Light Speed: Exploring the Possibilities of e=mc2

[cappsie]

Howdy,

This is my first post. Please be gentle. ;-)

I have been thinking about the speed of light.

Scenario 1: I'm on a train traveling at the speed of light. Everything in the train immediately about me appears normal. The reflection in the windows, looking down at myself, indeed anything locally around me. However, outside the train things are different relative to the observer. This I accept.

Now, were I to run along inside the train carriage at 10mph, I would be running precisely 10mph within the train - not lightspeed + 10mph.

So my questions are:
- Would an observer see the train traveling at the speed of light with me running an additionally fast 10mph?
- Were I to run and jump out of the train, would I then be traveling at lightspeed+10mph?


The e=mc² seems to be to be spot on if related to the speed at which information travel or can be transmitted. So as long as this is not violated then, space can expand faster then the speed of light for instance.

Scenario 2: I understand that as I travel ever faster toward the speed of light, the energy required to get me there becomes infinite because my mass also becomes infinite. Is my mass a result of other gravitational bodies? Is there a measurable increase with the shuttle and its ohms burns? In my mind, if I kept applying that ohms burn, eventually I would get faster and faster, but why would my mass increase with no other influences?

All thoughts welcome. :)

Thanks,
Adam

 

[phinds]

Since you cannot travel at c, your question makes no sense.

Were you travel CLOSE to the speed of light and add another speed to it, as you described, they do NOT "add" in the way you think. Look up "relativistic speed addition"

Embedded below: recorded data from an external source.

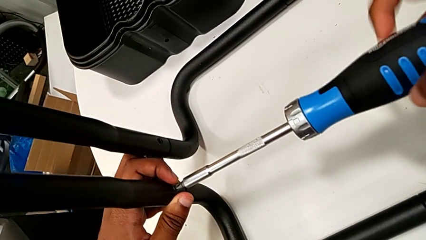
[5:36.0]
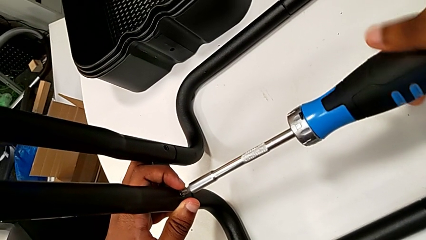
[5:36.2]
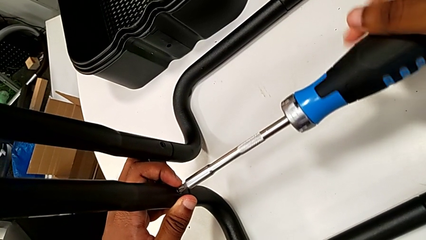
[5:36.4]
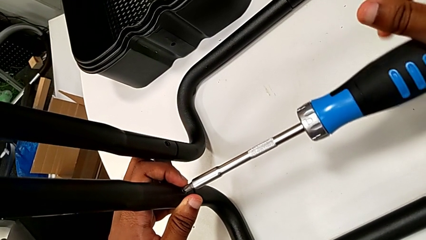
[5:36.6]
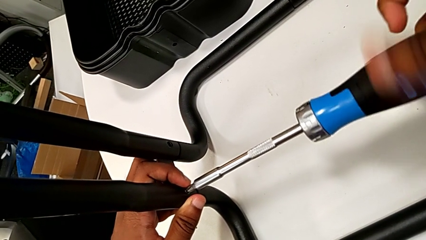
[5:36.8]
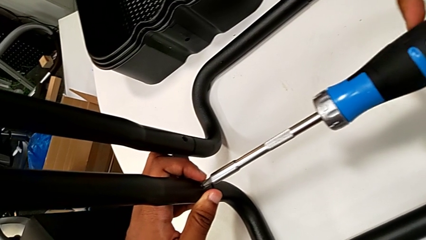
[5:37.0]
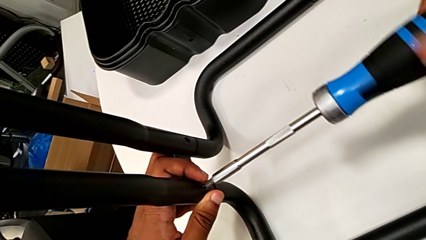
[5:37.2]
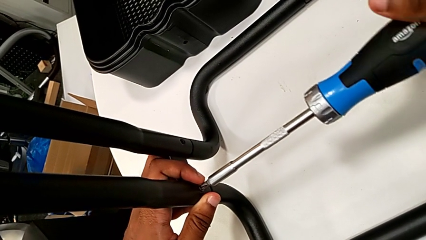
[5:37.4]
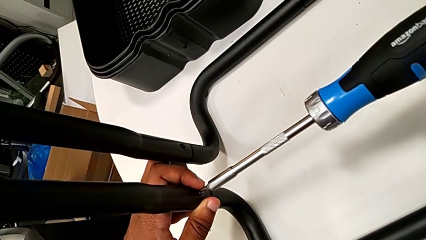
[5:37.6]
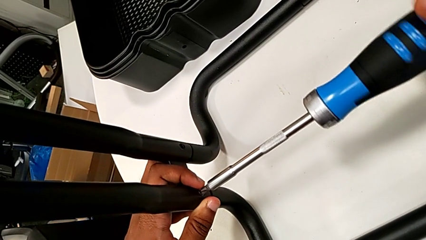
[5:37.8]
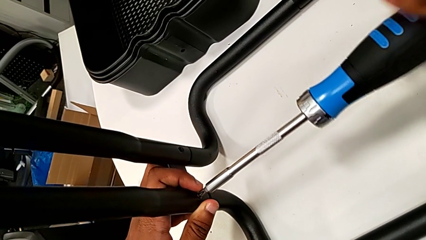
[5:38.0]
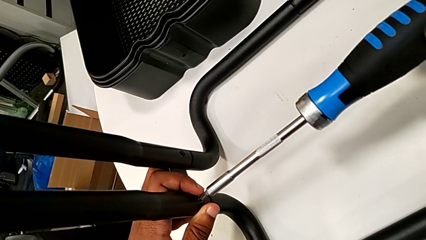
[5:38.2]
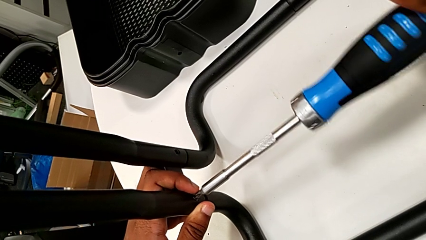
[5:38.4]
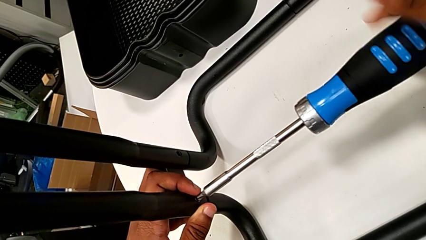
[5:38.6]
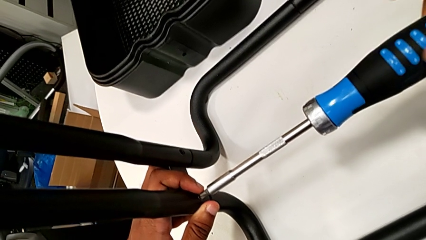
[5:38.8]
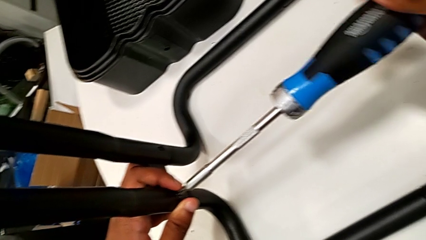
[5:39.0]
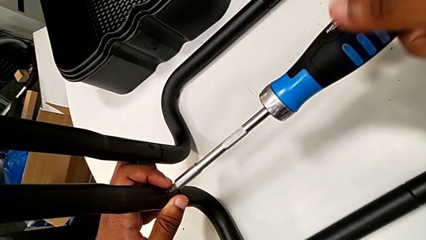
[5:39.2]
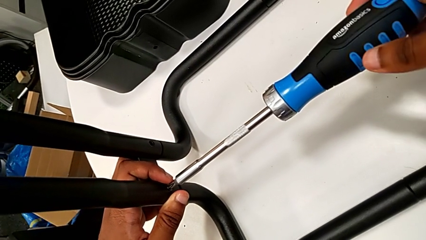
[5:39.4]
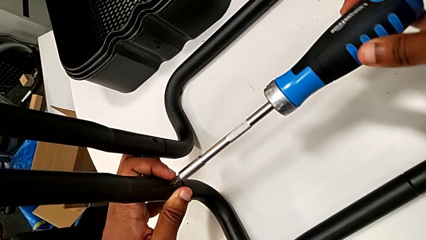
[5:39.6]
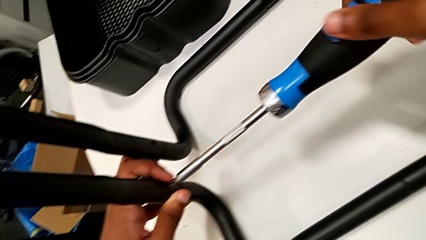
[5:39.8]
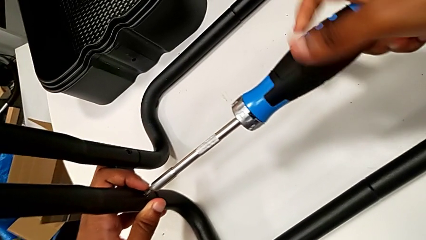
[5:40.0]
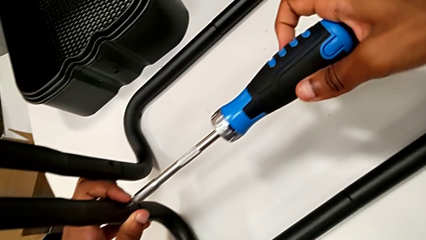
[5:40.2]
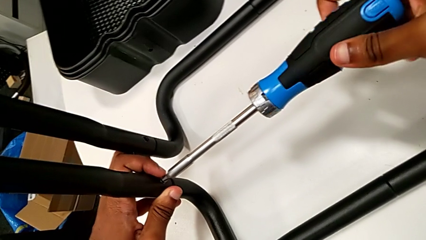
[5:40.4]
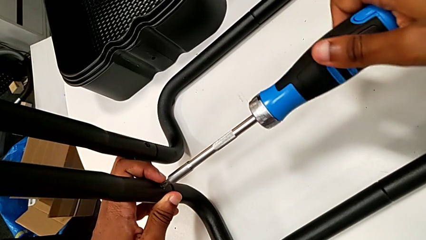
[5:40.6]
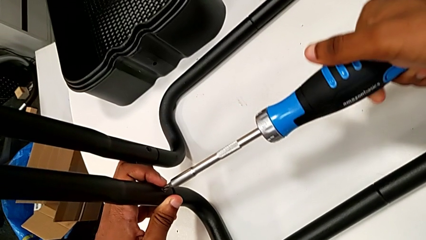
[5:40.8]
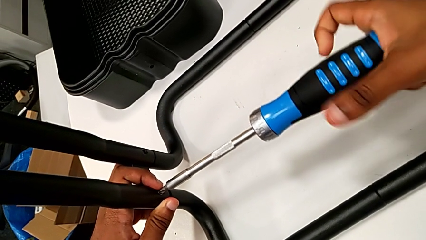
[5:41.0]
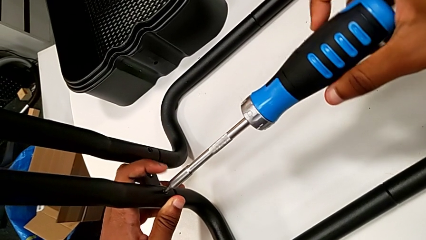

Since, as you assumed, this topic has been discussed here approximately 14,138 times, why not do a forum search?

 

[Drakkith]

Your mass does not change as you increase in speed. You can see this by using the full form of Einstein's equation. I'd type it in, but I'm on my phone and cannot. However, the equation includes a term for momentum on the right side so that the energy of an object depends on both the mass and the momentum. So while mass stays the same as you increase in speed, momentum increases, which means total energy increases without any need for mass to change.

 

[phinds]

To add to what Drakkith said, consider this: all motion is relative so talking about it only makes sense by defining the frame of reference that you are using. BUT ... regardless of what frame of reference you use, YOU are always in your own frame of reference. It then follows that according to the guy standing next to you, you are not moving at all and according to an accelerated particle at CERN, you are moving at almost the speed of light. SO ... according to your understanding, the guy next to you is convinced that your mass is the same amount that you think it is whereas the particle thinks you have a HUGE mass. How could they both be right in any absolute sense? Do you feel any more massive just because the particle thinks you are?

 

[dauto]

The correct formula to add a passengers speed (relative to the train) $v_{relative}$ to the speed of the train $v_{train}$ to find its speed relative to the ground $v_{passenger}$ , assuming both passenger and train are moving in the same direction, is $$v_{passenger}=\frac{v_{relative} + v_{train}}{1+\frac{v_{relative}\times v_{train}}{c^2}},$$ where c is the speed of light.